Planning to set up an economical dust collector system using a Ridgid 14 gal, 6HP, 170 CFM wet/dry vacuum, & a Rockler 10 gal dust separator, with shop vac expandable hoses. Is this enough to clear the air in a 10' x15' "woodwork" garage, or should I consider something else/better? Your comments are appreciated. Be safe.


----------



## tvman44 (Dec 8, 2011)

Anything is better than nothing. Enough???? Who knows. :thumbsup:


----------



## ryan50hrl (Jun 30, 2012)

If cleaning the air is what you want to do in the cheap, a 20" box fan with a furnace filter taped over it is your best bet. 

What your proposing will help more with the sawdust on the floor.


----------



## hokeyplyr48 (Nov 12, 2013)

Or find your local HVAC/furnace repair and get a squirrel cage blower from them. They usually give them away or sell them for really cheap. I got two for $30. Put one in a plywood box and put two stage filters ahead of it and it does a great job.


----------



## ORBlackFZ1 (Dec 25, 2013)

woodchux said:


> Planning to set up an economical dust collector system using a Ridgid 14 gal, 6HP, 170 CFM wet/dry vacuum, & a Rockler 10 gal dust separator, with shop vac expandable hoses. Is this enough to clear the air in a 10' x15' "woodwork" garage, or should I consider something else/better? Your comments are appreciated. Be safe.


If you are trying to "clear the air" in your workshop, a shop vac is NOT the device to use. If you are trying to collect dust created at your Miter Saw, Band Saw, Table Saw, Drill Press, Track Saw, Radial Arm Saw, Bench Top sander, etc, then you have the correct device for an entry level dust collector.

Dust collection at the source is always the primary dust collector! Dust collection should always (did I write always, yes I wrote ALWAYS) start at the source of the saw dust. 

Air filtration units are a backup dust collection system. They should only be used to collect saw dust that did not get collected by the primary dust collector.

If you really have the primary covered, and you still have dust collecting in the air, then air filtration should be your next step. 

My router used to saturate my shop with saw dust. I mounted it in a fully enclosed table and attached a dust collector. Now, I can use the router all day, without it adding to the shop particle count.

My band saw used to also add dust particles to the shop air. I used to run a 4" diameter 10' long flex hose to the two (2) 4" diameter ports on the band saw.

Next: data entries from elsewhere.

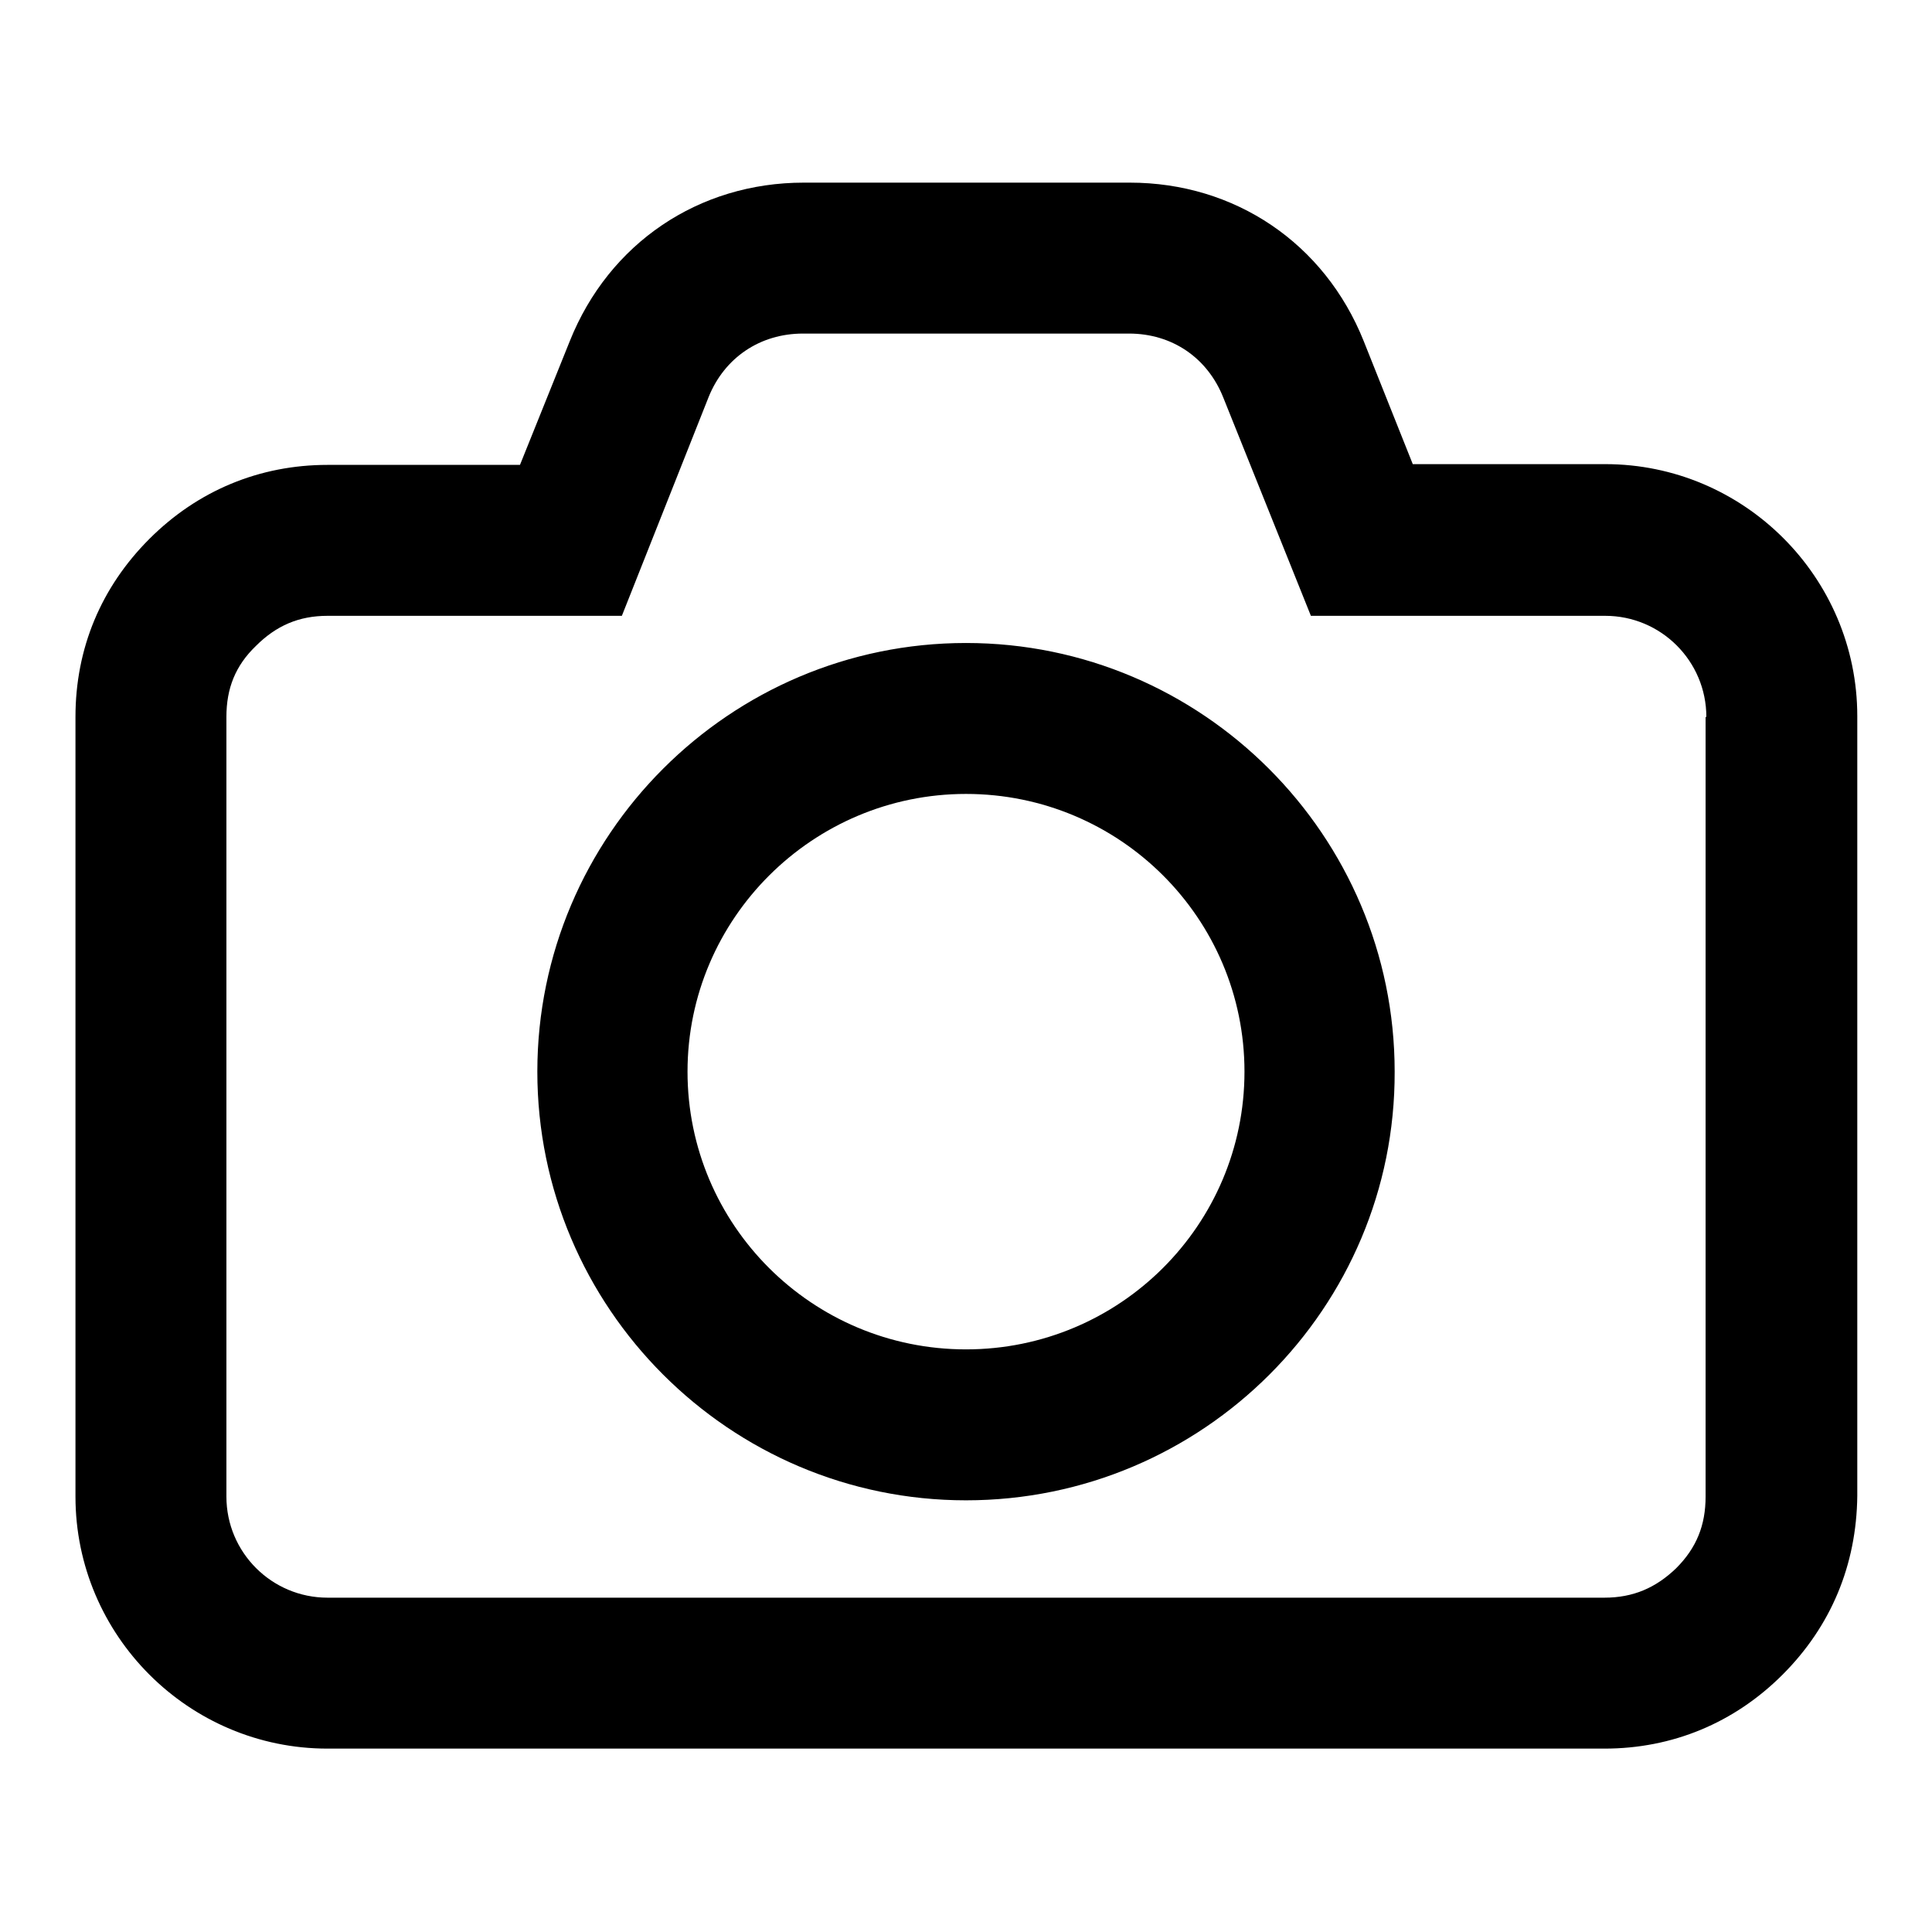 <?xml version="1.0" encoding="utf-8"?>
<!-- Svg Vector Icons : http://www.onlinewebfonts.com/icon -->
<!DOCTYPE svg PUBLIC "-//W3C//DTD SVG 1.1//EN" "http://www.w3.org/Graphics/SVG/1.1/DTD/svg11.dtd">
<svg version="1.1" xmlns="http://www.w3.org/2000/svg" xmlns:xlink="http://www.w3.org/1999/xlink" x="0px" y="0px" viewBox="0 0 256 256" enable-background="new 0 0 256 256" xml:space="preserve">
<g><g><path fill="#000000" d="M236.2,221.9c-6.4,6.4-14.6,9.8-23.6,9.8H43.4c-18.4,0-33.4-15-33.4-33.4V95c0-9.1,3.4-17.2,9.8-23.6c6.4-6.4,14.6-9.8,23.6-9.8h25.5l6.6-16.4c5.2-13,17.1-21,31-21h43.2c13.9,0,25.8,8,31,21l6.5,16.3h25.5c18.4,0,33.4,15,33.4,33.4v103.3C246,207.4,242.6,215.5,236.2,221.9z M226.1,95c0-7.4-6-13.4-13.4-13.4h-39l-11.6-28.9c-2.1-5.3-6.8-8.5-12.5-8.5h-43.2c-5.7,0-10.4,3.2-12.5,8.4L82.4,81.6h-39c-3.8,0-6.8,1.3-9.5,4C31.2,88.2,30,91.2,30,95v103.3c0,7.4,6,13.4,13.4,13.4h169.2c3.8,0,6.8-1.3,9.5-3.9c2.7-2.7,3.9-5.7,3.9-9.5V95L226.1,95z M128,198.8c-31.3,0-56.8-25.5-56.8-56.8c0-31.3,25.5-56.8,56.8-56.8c31.3,0,56.8,25.5,56.8,56.8C184.9,173.3,159.4,198.8,128,198.8z M128,105.2c-20.3,0-36.9,16.5-36.9,36.8c0,20.3,16.5,36.8,36.9,36.8c20.4,0,36.9-16.5,36.9-36.8C164.9,121.7,148.4,105.2,128,105.2z"/></g></g>
</svg>

I switched to a 6" diameter 10' long flex hose from my dust collector to the two (2) 4" band saw ports and now my band saw does NOT raise the particle count in the shop air. I spent three (3) hours re-sawing an 8' long ash log in to 4/4 lumber the other day and the particle count never increased in the shop. ( I use a Dylos particle counter to track the particulates in the shop air).

*My point is that you should focus on collecting the saw dust at the source. Air filtration should be a back up system for capturing air borne particles that your primary dust collector missed. * 

I can't capture all the saw dust from all the machines, so I use two (2) Jet AFS-1000B units to catch what my primary dust collector misses. 

Try the advanced search function on this site using the text "air filtration" in the Dust Collection forum and you will get all kinds of good posts on Air filtration.


----------